Activity | Check every line of the entries for the string "rect" and return the ones that contain it.

Supplied data |
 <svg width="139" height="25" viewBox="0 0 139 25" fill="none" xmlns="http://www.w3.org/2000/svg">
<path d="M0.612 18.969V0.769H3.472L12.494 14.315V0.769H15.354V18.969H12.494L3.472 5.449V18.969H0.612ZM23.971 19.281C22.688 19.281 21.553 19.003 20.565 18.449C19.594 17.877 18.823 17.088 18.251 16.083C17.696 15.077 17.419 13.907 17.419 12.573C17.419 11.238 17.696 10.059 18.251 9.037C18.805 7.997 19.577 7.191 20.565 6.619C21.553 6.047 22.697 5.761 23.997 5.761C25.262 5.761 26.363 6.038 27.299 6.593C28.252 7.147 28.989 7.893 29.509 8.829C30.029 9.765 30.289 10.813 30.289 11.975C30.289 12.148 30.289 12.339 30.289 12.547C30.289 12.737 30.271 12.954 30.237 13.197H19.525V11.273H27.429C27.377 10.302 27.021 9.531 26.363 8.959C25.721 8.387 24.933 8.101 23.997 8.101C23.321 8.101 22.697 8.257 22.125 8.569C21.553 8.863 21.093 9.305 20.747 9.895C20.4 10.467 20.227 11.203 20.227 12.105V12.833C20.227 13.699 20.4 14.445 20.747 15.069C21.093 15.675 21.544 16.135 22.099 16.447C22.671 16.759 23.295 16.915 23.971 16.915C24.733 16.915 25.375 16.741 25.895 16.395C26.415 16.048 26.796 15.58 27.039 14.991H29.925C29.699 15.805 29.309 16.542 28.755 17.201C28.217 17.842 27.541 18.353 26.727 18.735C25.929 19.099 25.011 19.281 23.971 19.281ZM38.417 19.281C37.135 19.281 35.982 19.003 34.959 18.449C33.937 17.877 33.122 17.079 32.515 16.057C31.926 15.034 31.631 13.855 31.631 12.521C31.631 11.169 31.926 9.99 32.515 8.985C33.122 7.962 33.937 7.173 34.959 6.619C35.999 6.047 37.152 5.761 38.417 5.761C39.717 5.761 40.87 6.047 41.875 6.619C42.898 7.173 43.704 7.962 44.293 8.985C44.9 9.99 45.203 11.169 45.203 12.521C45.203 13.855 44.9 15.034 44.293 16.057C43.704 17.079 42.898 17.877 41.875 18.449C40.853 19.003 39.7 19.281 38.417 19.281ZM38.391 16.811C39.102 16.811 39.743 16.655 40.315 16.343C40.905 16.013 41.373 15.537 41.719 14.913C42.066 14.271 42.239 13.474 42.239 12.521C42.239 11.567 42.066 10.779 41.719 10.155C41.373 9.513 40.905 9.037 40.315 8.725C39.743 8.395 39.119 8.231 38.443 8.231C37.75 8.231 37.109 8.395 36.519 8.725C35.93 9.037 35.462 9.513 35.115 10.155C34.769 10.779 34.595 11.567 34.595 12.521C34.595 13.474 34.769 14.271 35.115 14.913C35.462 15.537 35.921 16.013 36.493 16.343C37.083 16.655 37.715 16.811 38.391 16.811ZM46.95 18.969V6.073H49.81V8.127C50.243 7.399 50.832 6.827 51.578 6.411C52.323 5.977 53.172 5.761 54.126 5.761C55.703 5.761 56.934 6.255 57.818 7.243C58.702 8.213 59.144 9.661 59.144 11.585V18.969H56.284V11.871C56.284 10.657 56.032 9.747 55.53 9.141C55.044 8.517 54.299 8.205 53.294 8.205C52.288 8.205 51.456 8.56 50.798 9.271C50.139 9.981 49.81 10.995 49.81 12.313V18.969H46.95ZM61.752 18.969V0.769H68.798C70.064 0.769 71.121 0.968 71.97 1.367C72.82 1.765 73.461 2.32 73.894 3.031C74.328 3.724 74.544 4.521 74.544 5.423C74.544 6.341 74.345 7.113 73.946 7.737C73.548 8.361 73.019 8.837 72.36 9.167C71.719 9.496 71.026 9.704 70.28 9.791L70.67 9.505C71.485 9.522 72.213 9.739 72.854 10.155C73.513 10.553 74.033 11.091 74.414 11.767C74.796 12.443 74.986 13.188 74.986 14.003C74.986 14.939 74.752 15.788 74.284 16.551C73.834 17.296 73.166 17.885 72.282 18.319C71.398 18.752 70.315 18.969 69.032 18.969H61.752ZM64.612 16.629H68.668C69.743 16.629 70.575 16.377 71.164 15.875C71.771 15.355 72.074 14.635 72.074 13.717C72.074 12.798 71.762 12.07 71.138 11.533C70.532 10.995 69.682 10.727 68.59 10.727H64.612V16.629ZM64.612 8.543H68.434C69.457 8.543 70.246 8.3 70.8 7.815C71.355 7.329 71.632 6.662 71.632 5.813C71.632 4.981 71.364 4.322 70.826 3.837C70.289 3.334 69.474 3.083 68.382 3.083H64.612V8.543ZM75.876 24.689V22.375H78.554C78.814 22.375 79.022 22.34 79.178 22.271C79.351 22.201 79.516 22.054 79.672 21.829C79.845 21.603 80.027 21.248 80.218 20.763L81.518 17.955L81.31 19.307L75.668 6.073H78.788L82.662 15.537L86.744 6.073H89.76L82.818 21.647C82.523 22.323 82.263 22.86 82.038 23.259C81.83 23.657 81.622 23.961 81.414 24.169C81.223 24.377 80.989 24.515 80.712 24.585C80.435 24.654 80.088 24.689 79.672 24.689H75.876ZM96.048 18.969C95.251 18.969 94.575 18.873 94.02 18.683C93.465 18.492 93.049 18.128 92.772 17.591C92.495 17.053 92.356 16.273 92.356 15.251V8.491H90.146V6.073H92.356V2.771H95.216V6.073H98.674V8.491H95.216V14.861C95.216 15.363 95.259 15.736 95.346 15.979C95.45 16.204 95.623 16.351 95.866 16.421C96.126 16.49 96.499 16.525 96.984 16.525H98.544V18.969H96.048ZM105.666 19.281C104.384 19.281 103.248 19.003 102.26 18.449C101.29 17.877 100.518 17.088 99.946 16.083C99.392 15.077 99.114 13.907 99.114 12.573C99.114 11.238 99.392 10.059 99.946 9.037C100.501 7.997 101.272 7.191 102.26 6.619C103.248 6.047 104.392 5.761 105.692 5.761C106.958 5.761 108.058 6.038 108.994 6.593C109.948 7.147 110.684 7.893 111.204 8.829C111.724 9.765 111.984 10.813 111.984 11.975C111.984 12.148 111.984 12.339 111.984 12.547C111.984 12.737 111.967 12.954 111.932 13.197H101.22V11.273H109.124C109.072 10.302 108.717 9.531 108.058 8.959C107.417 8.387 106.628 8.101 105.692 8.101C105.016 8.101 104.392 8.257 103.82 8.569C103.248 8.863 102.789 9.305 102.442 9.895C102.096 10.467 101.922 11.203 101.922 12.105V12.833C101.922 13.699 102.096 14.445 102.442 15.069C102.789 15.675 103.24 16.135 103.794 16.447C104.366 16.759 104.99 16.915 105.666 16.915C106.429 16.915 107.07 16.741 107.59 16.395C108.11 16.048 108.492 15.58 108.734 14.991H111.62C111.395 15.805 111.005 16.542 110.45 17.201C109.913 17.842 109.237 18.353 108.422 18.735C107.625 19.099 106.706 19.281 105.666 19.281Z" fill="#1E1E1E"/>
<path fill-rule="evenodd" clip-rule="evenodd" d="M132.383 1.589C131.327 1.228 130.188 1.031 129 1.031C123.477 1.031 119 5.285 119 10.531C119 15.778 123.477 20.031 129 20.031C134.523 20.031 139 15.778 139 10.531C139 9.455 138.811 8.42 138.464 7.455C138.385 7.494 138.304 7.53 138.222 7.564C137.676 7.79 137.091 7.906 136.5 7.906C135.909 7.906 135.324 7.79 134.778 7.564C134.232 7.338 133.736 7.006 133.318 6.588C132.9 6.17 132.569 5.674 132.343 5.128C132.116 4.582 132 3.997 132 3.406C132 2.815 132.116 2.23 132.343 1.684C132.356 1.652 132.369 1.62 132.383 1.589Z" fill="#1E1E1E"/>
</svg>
--
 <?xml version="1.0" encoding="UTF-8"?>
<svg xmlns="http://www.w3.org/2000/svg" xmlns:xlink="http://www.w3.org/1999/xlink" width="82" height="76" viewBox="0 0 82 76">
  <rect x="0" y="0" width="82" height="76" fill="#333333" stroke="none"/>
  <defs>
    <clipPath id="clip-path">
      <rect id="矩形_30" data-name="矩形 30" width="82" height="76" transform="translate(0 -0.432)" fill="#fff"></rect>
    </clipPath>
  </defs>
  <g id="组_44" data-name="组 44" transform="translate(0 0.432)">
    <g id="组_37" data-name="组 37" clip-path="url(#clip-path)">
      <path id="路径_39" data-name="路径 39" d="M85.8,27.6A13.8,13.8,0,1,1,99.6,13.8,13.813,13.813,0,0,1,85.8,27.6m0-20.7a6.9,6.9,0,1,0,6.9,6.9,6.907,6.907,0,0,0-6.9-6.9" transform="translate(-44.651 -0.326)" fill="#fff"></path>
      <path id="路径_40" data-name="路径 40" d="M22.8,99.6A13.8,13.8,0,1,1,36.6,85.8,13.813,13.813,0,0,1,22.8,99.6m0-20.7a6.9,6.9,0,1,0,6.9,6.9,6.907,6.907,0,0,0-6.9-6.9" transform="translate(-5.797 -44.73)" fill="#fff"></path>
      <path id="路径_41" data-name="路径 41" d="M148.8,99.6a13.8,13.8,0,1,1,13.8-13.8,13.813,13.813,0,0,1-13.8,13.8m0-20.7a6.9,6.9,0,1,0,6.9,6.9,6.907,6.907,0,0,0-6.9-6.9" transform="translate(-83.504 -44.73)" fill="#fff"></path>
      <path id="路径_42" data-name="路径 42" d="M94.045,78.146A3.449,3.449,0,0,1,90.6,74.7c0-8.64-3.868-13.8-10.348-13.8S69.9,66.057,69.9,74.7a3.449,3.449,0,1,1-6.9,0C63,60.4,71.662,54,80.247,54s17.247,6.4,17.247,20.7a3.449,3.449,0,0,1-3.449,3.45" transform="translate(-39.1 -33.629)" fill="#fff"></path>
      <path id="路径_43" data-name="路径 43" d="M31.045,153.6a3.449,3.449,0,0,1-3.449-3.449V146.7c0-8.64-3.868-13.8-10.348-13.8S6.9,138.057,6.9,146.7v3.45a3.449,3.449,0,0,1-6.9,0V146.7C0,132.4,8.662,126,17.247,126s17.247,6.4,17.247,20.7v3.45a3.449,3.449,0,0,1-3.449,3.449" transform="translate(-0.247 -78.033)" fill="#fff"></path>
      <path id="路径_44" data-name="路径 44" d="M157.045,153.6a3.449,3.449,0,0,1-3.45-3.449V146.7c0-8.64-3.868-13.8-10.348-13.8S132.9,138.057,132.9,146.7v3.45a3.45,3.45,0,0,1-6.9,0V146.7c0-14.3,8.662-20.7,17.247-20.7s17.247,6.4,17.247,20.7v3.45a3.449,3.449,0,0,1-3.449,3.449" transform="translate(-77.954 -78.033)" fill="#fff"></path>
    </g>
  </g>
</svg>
--
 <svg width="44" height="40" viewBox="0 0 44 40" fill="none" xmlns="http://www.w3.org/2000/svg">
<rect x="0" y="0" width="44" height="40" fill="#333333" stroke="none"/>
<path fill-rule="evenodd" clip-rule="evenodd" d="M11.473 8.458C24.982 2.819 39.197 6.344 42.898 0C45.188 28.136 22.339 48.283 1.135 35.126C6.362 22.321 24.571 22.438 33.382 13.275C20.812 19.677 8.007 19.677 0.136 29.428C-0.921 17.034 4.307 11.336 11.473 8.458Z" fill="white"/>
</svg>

Output of the task |
  <rect x="0" y="0" width="82" height="76" fill="#333333" stroke="none"/>
      <rect id="矩形_30" data-name="矩形 30" width="82" height="76" transform="translate(0 -0.432)" fill="#fff"></rect>
<rect x="0" y="0" width="44" height="40" fill="#333333" stroke="none"/>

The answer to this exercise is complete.